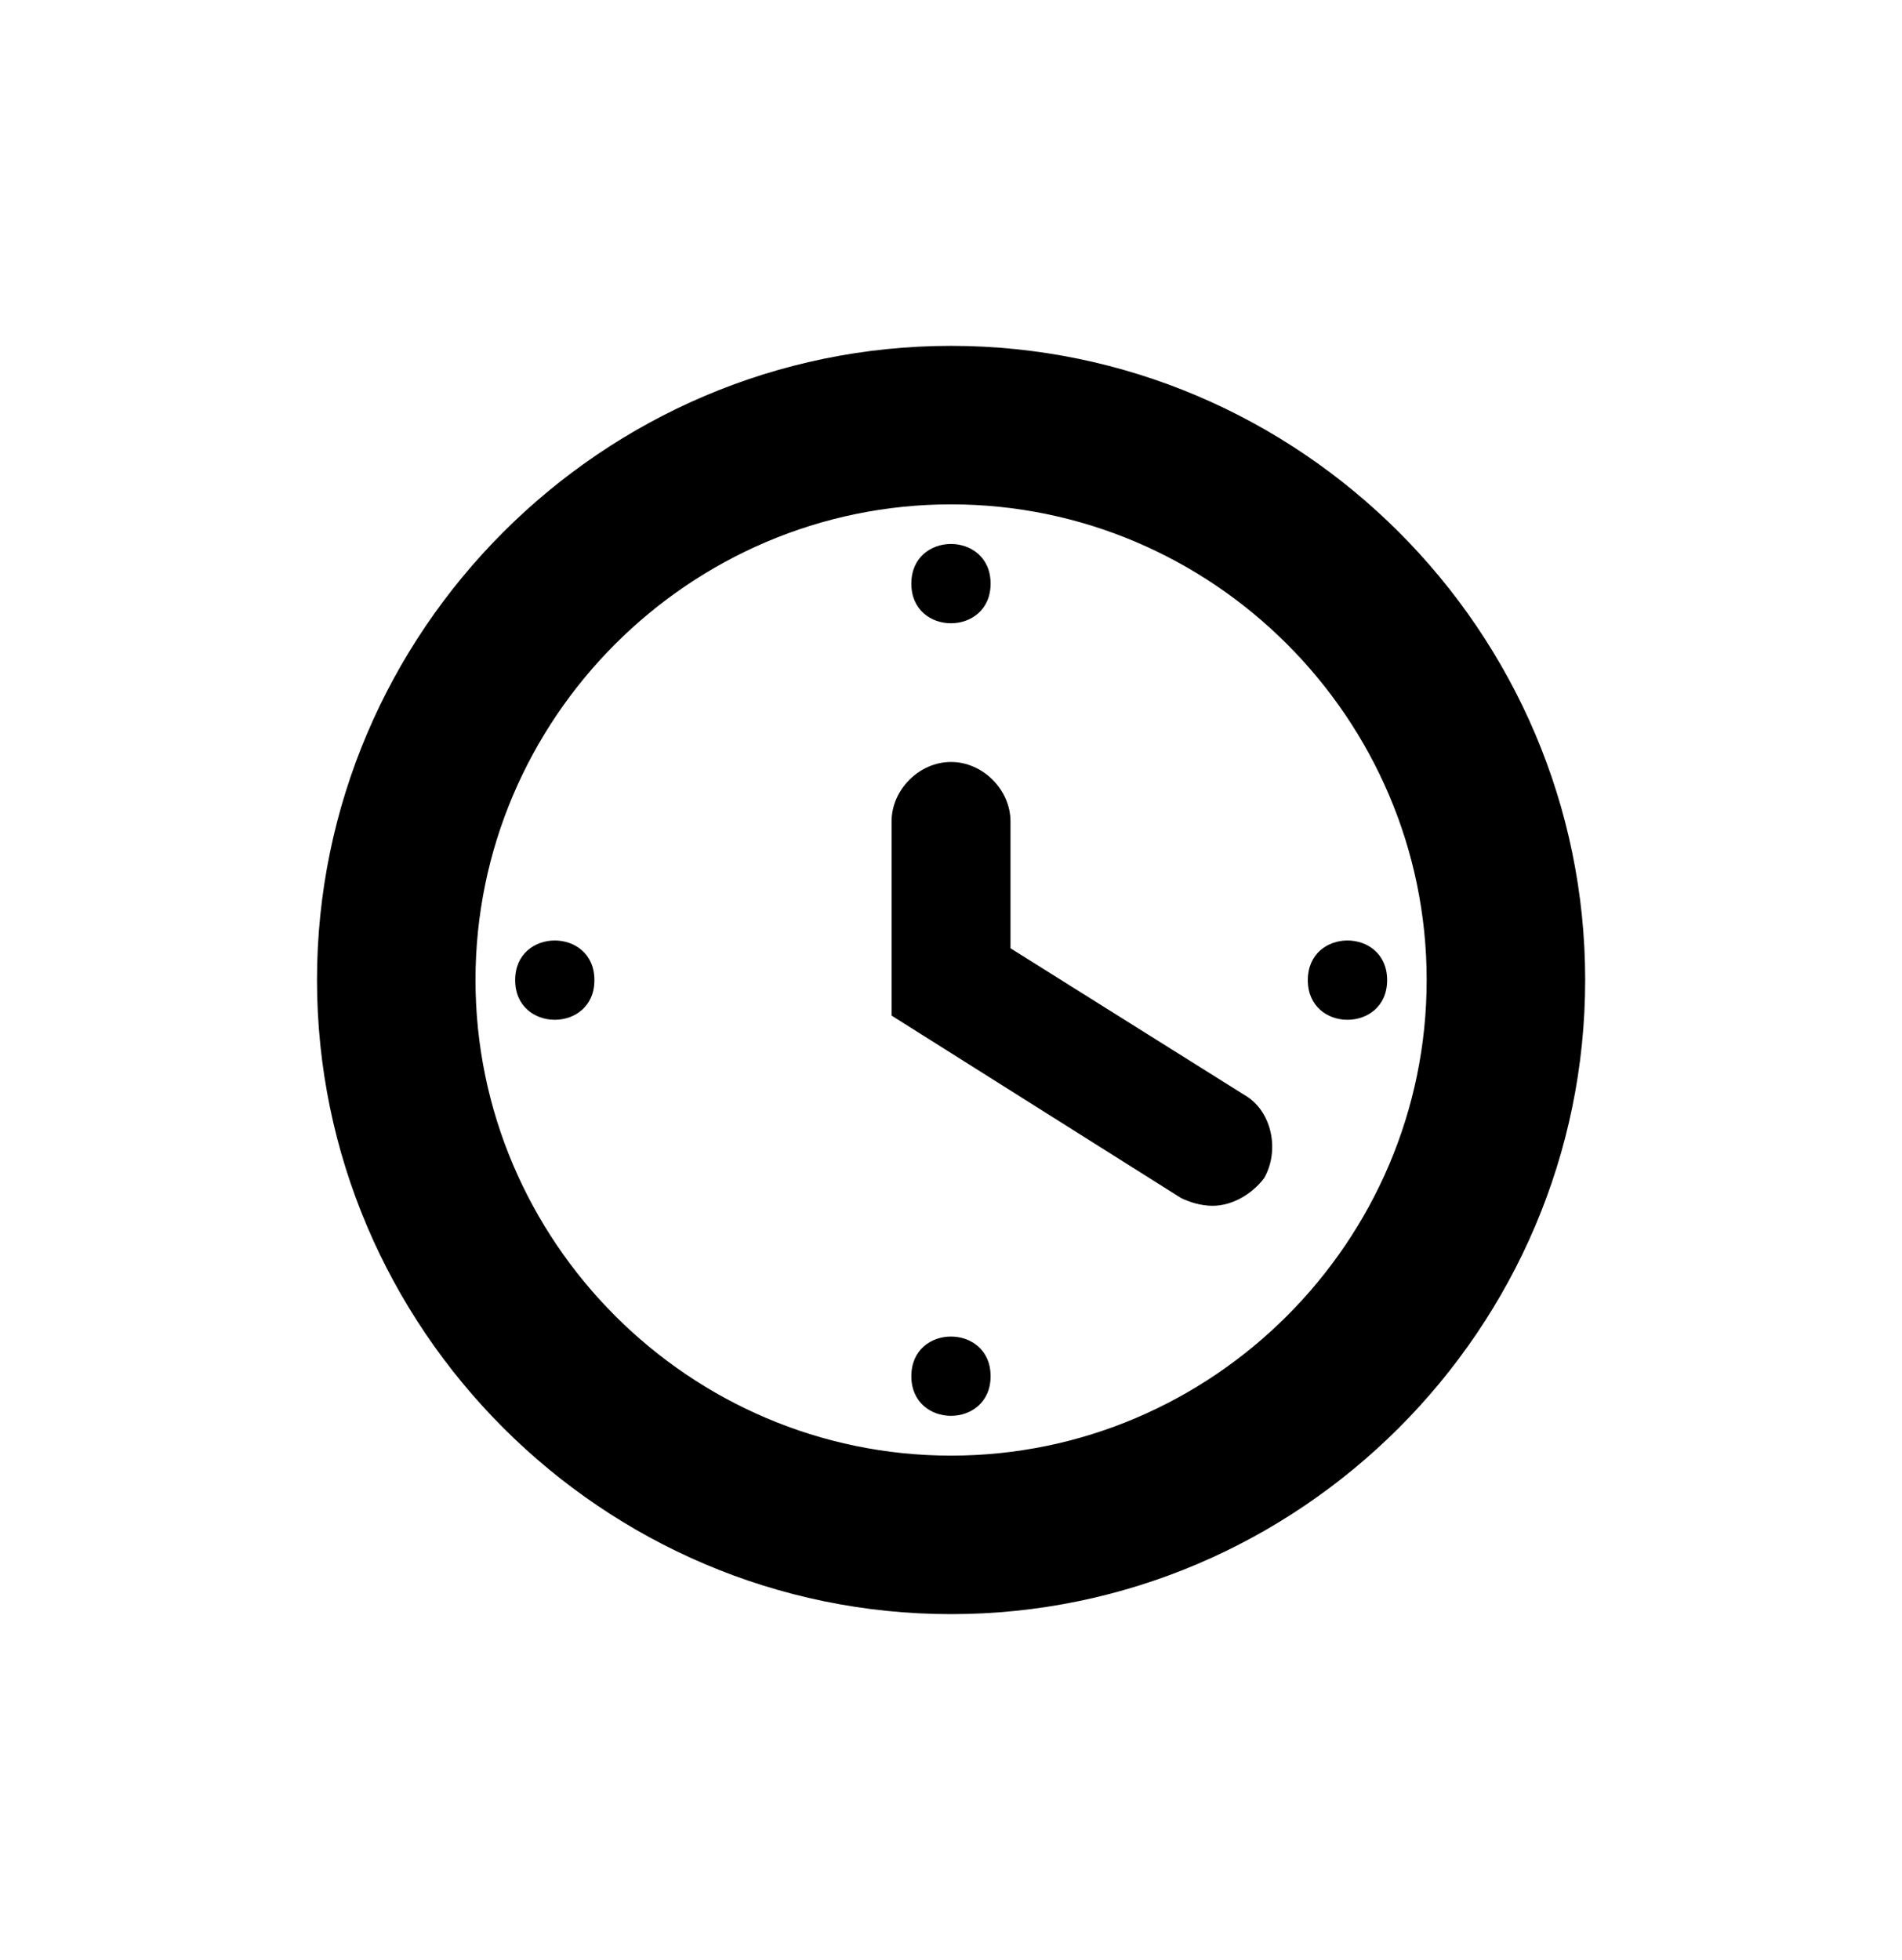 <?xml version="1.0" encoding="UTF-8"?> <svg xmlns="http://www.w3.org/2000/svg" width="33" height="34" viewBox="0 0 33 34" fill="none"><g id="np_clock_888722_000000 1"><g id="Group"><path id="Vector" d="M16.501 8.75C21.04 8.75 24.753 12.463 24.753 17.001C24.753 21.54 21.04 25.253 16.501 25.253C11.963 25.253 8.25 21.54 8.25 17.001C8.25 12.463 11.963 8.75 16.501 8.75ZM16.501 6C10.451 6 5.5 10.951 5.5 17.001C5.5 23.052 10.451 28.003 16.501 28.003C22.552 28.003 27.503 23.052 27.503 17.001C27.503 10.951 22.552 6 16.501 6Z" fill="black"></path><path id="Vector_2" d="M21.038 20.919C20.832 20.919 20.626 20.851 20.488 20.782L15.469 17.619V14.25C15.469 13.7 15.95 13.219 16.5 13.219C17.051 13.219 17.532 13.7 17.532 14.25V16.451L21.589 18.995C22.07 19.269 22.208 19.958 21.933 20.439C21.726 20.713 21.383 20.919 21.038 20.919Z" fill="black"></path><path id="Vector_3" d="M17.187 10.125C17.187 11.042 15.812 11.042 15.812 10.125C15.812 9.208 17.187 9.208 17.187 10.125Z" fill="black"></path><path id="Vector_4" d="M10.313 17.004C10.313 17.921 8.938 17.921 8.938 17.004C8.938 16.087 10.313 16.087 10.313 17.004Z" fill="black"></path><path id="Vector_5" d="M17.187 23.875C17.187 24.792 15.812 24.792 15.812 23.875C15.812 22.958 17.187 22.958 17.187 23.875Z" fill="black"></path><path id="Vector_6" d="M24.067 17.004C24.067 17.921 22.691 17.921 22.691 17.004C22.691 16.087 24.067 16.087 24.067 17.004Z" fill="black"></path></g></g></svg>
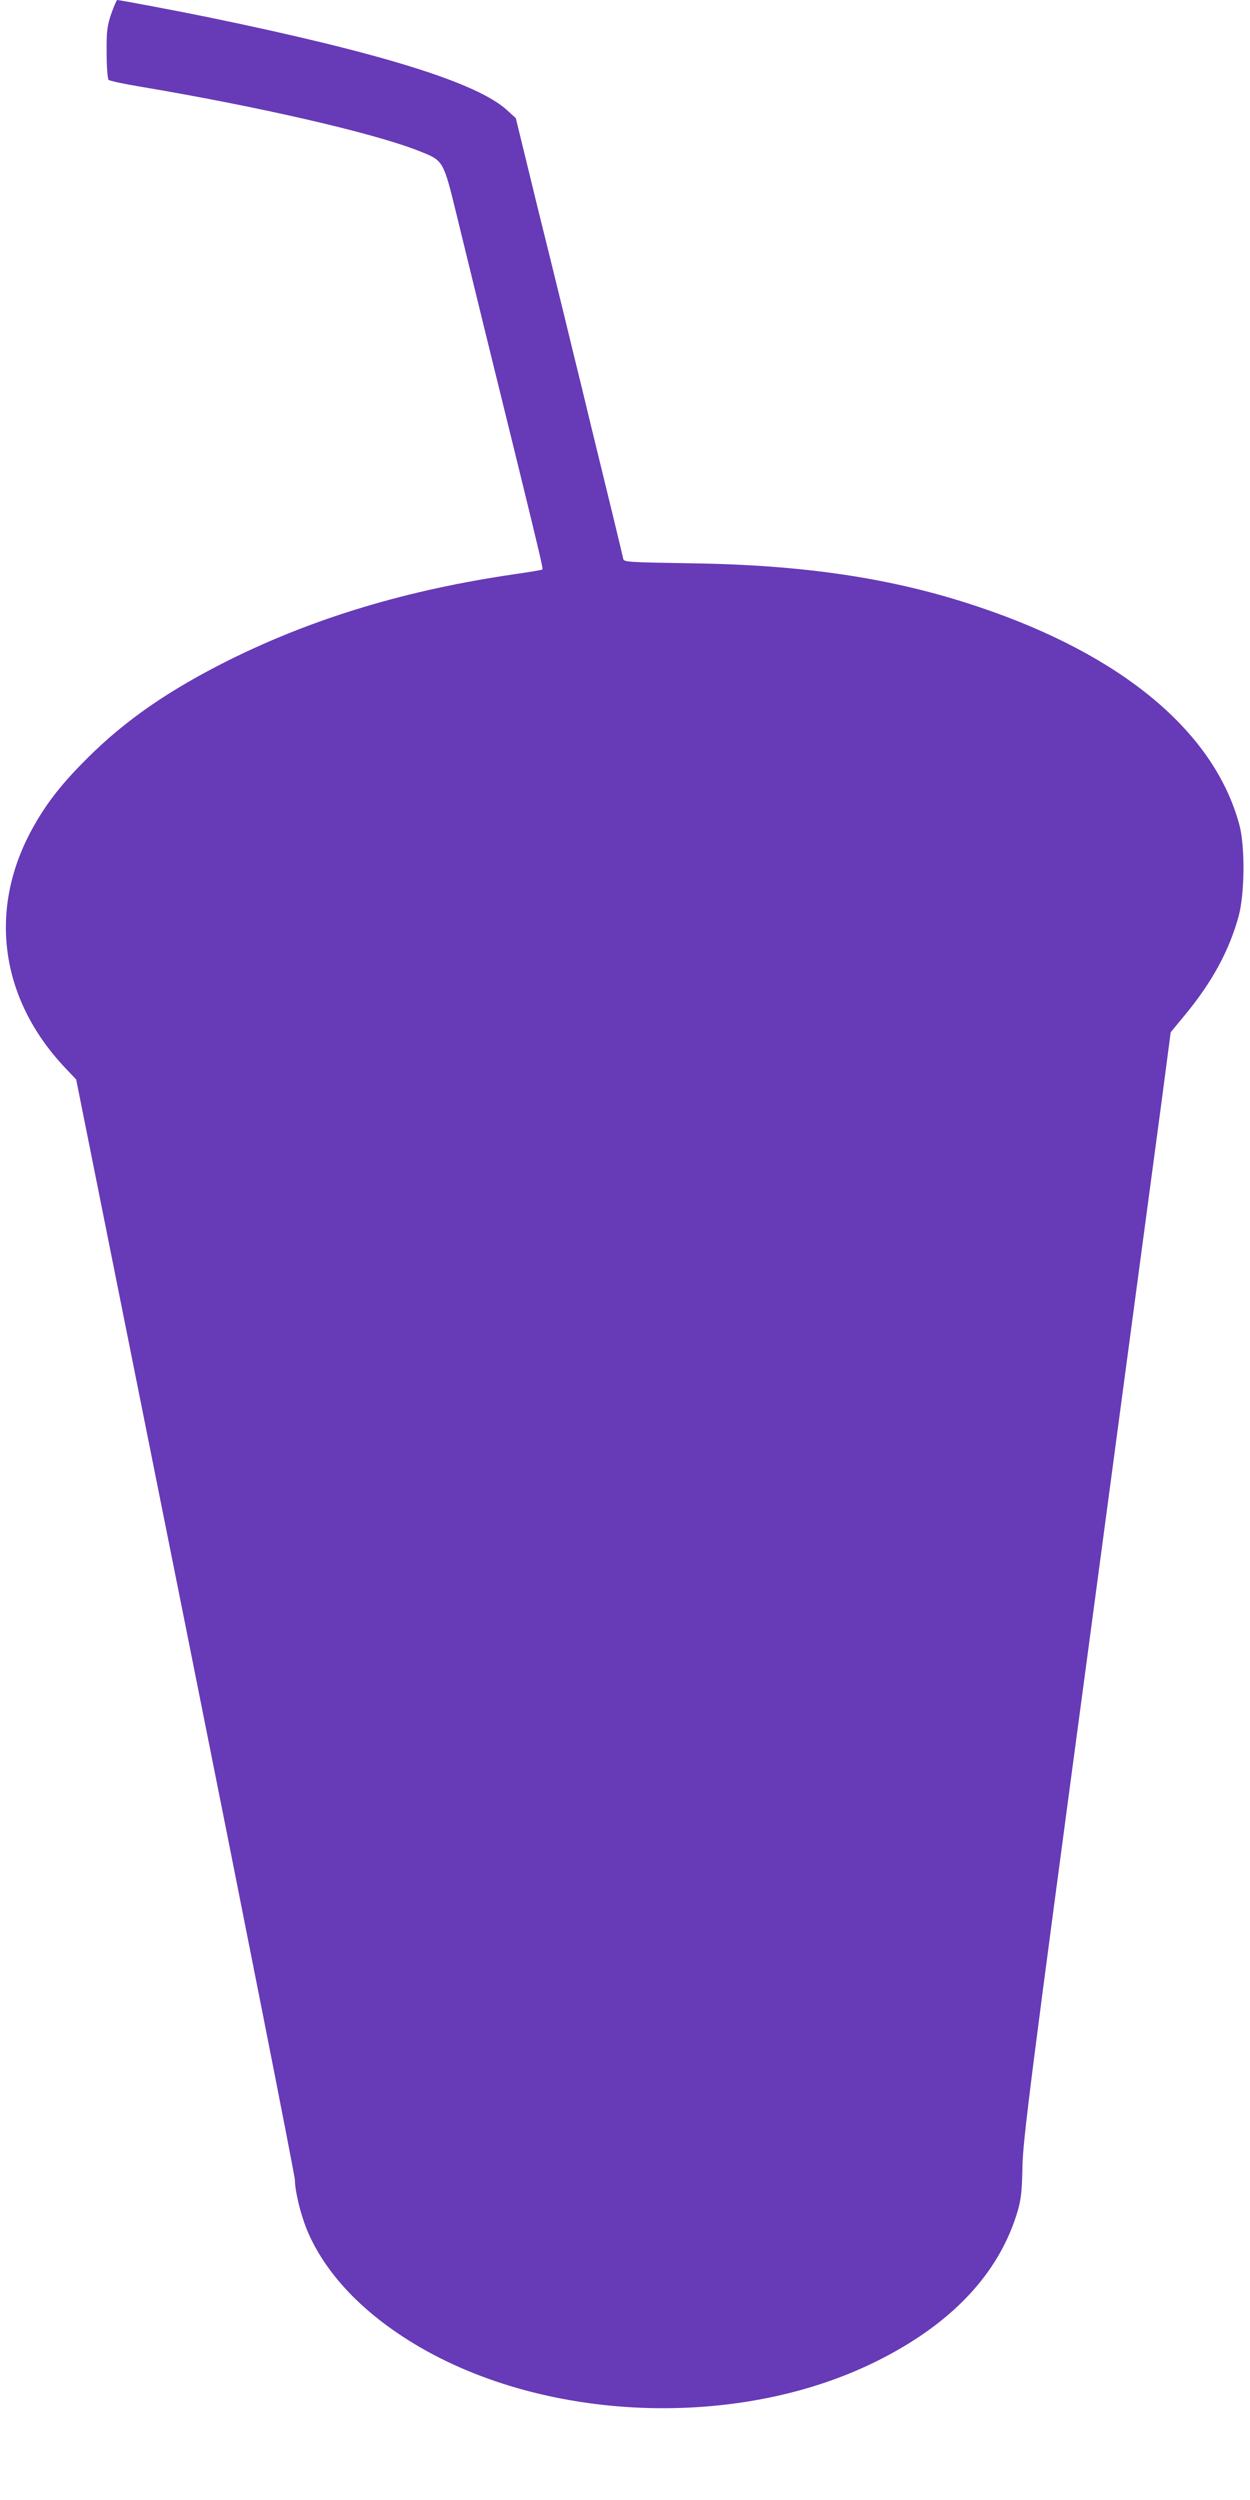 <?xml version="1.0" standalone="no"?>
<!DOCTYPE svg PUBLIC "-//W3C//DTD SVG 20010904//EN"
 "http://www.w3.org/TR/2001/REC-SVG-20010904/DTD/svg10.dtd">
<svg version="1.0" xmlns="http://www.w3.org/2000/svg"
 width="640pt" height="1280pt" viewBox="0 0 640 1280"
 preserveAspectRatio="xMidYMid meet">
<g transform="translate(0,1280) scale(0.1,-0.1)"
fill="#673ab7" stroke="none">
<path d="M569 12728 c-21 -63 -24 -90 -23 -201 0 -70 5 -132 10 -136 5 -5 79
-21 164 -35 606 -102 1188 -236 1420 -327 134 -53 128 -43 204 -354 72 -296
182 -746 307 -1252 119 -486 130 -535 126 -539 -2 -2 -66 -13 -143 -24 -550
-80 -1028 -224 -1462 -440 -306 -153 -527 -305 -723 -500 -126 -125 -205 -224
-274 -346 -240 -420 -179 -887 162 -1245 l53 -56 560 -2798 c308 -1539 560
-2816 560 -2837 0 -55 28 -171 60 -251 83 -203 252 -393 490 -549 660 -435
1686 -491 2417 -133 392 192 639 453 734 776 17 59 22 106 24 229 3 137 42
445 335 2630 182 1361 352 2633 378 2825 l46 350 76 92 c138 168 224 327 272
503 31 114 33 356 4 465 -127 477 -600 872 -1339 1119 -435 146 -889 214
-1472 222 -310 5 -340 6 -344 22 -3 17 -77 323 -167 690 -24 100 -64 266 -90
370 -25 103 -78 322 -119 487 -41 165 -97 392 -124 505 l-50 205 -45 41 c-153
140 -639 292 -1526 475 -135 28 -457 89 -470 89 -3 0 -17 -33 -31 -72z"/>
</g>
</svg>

------------------------------

Task brief
From the line that has "-274 -346 -240" through the line that has "370 -25 103", copy every line exactly as it appears above, and leave out all others.

Output below
-274 -346 -240 -420 -179 -887 162 -1245 l53 -56 560 -2798 c308 -1539 560
-2816 560 -2837 0 -55 28 -171 60 -251 83 -203 252 -393 490 -549 660 -435
1686 -491 2417 -133 392 192 639 453 734 776 17 59 22 106 24 229 3 137 42
445 335 2630 182 1361 352 2633 378 2825 l46 350 76 92 c138 168 224 327 272
503 31 114 33 356 4 465 -127 477 -600 872 -1339 1119 -435 146 -889 214
-1472 222 -310 5 -340 6 -344 22 -3 17 -77 323 -167 690 -24 100 -64 266 -90
370 -25 103 -78 322 -119 487 -41 165 -97 392 -124 505 l-50 205 -45 41 c-153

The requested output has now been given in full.